東京市場 午前概況 円が小幅高、首相が「円安の影響を注視」と発言

2014年09月24日 12:03

午前のドル円・クロス円は上値の重い展開。世界的な景気減速への警戒感に伴うリスク回避ムードが広がる中、安倍首相の円安をめぐる発言を受けて円が小幅に上昇した。ドル円は108.46円、ユーロ円は139.36円、ポンド円は177.78円、スイスフラン円は115.45円、豪ドル円は96.09円、加ドル円は97.95円までそれぞれ下げ幅を広げた。安倍首相は「円安が地方や中小企業に与える影響を注視」と述べ、過度な円安への懸念を示した。
 
ただ、その後は配当権利取り狙いの買いが入り株価が下げ幅を縮めたことで、ドル円・クロス円は下げ渋った。

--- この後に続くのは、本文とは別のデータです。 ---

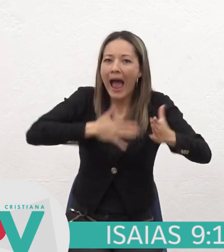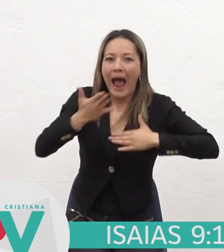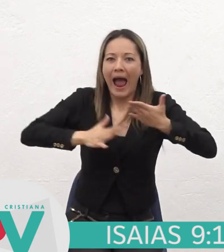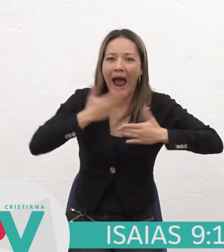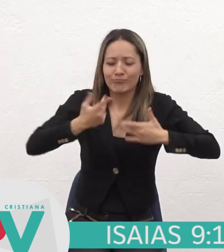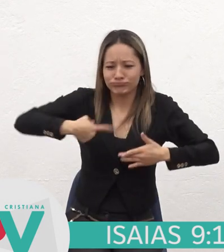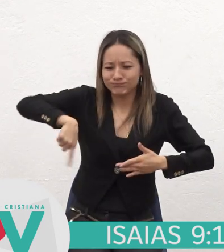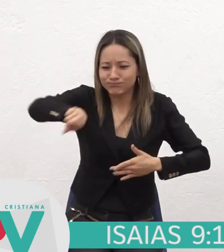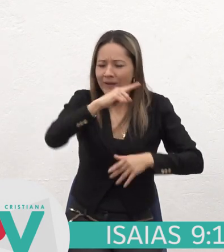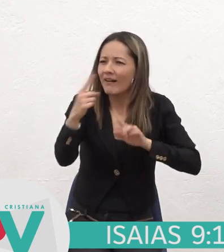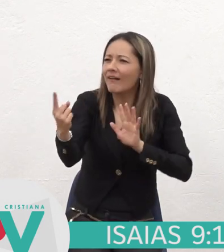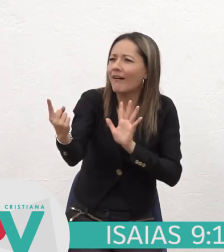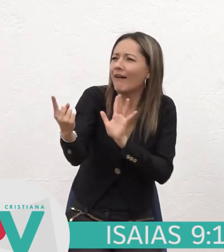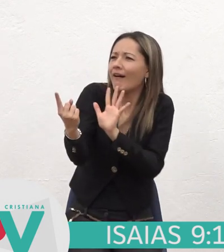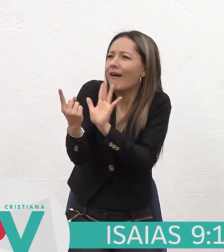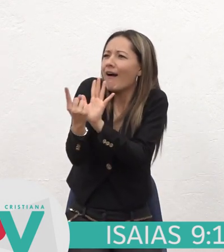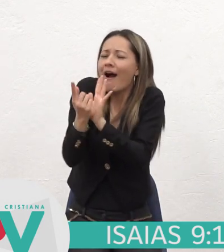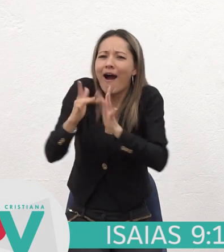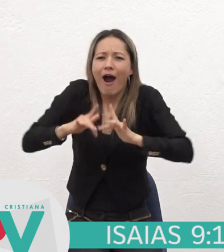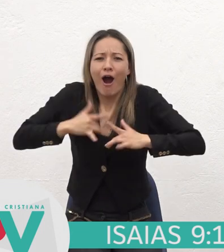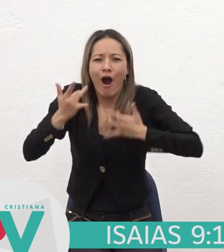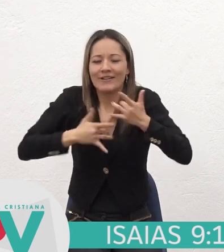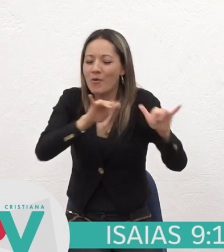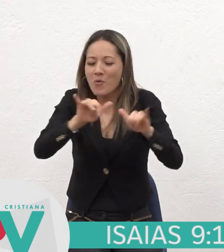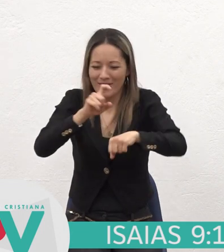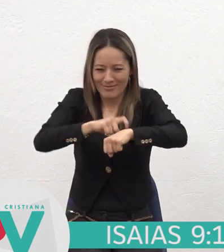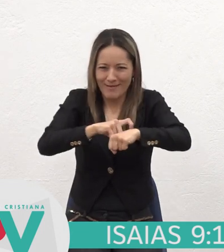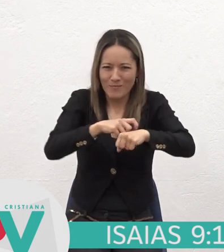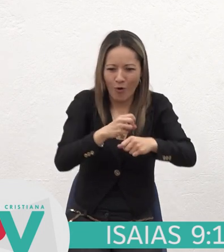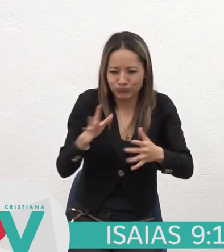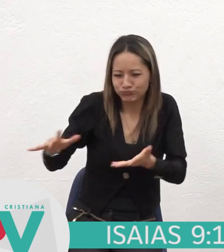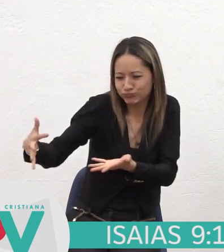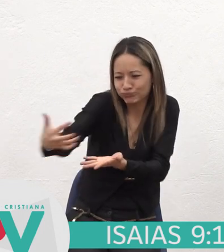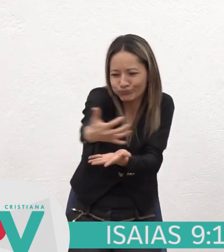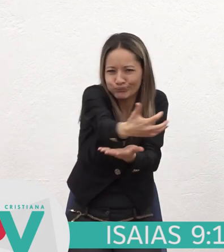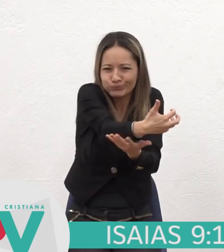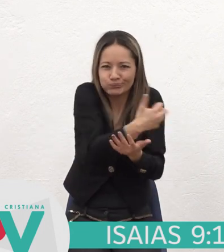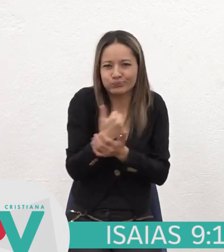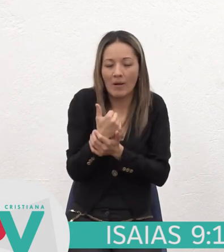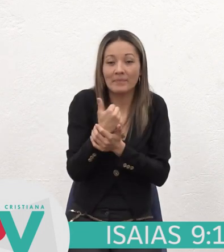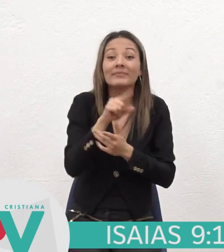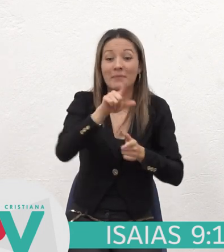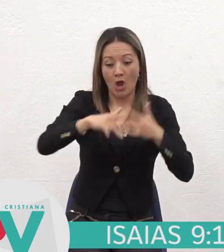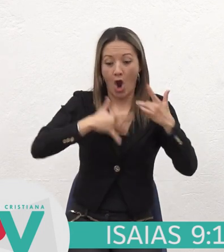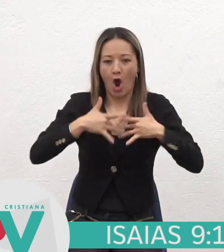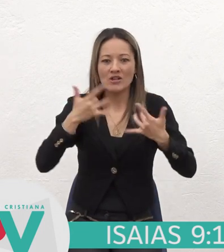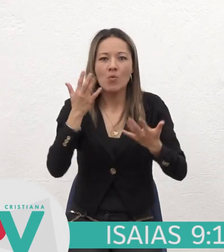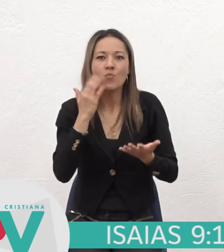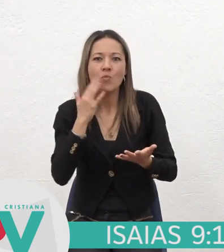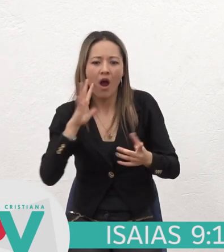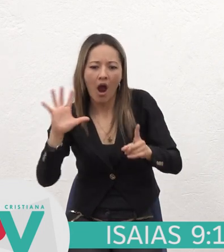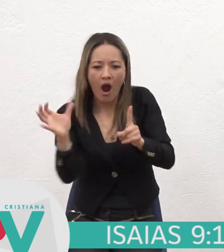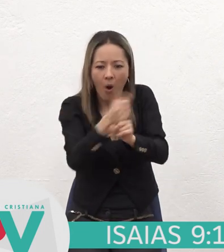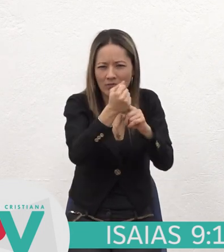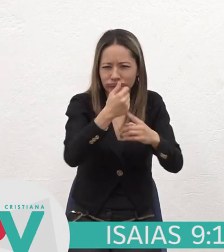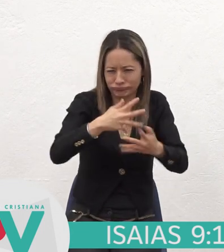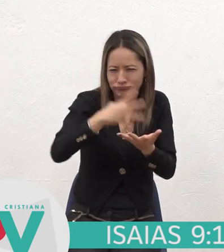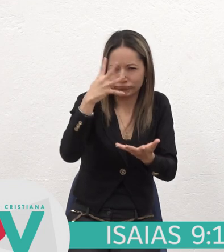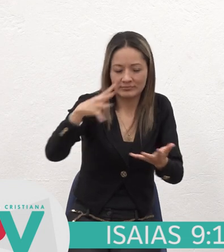ti Como se alegran En la ciega Como se gozan Cuando reparten Despojos Porque tú Quebraste su pesado Yugo Y la vara De su

安倍首相が通常国会に補正予算案の提出を検討との報道や、「できる限り早くGPIFのポートフォリオ見直しを行いたい」と述べたことも、投資家のリスク回避マインドを和らげた可能性はある。とはいえ、先行きへの警戒感は払しょくされておらず、戻りは鈍かった。
 
NZドルは小幅に切り返した。早朝に発表された8月貿易統計で、赤字額が縮小したことが下支えとなった。NZドル/ドルは0.8086ドル、NZドル円は87.97円までレンジ上限を広げた。ただ、中国向け輸出の減少傾向は変わっておらず、上値を大きく伸ばすような展開にはつながらなかった。
 
その他の通貨ペアは、月末・四半期末関連のドル売りが散発的に出たようで、ユーロドルが1.2858ドル、ポンドドルが1.6408ドル、豪ドル/ドルが0.8865ドルまでレンジ上限を広げる場面が見られた。また、ジョージ米カンザスシティ連銀総裁による「FRBは金利正常化を始める時期に来ている」との発言も伝わったが、市場の反応は限られた。
 
この後は、ドル円・クロス円ともしばらく落ち着いた流れが続くか。警戒されていた中国株も前日比横ばいとなるなど、投資家の不安感を和らげる方向に動いている。もちろん欧州勢が参入してくれば状況が変わる可能性はあるが、少なくとも目先は様子見ムードが広がってもおかしくはないだろう。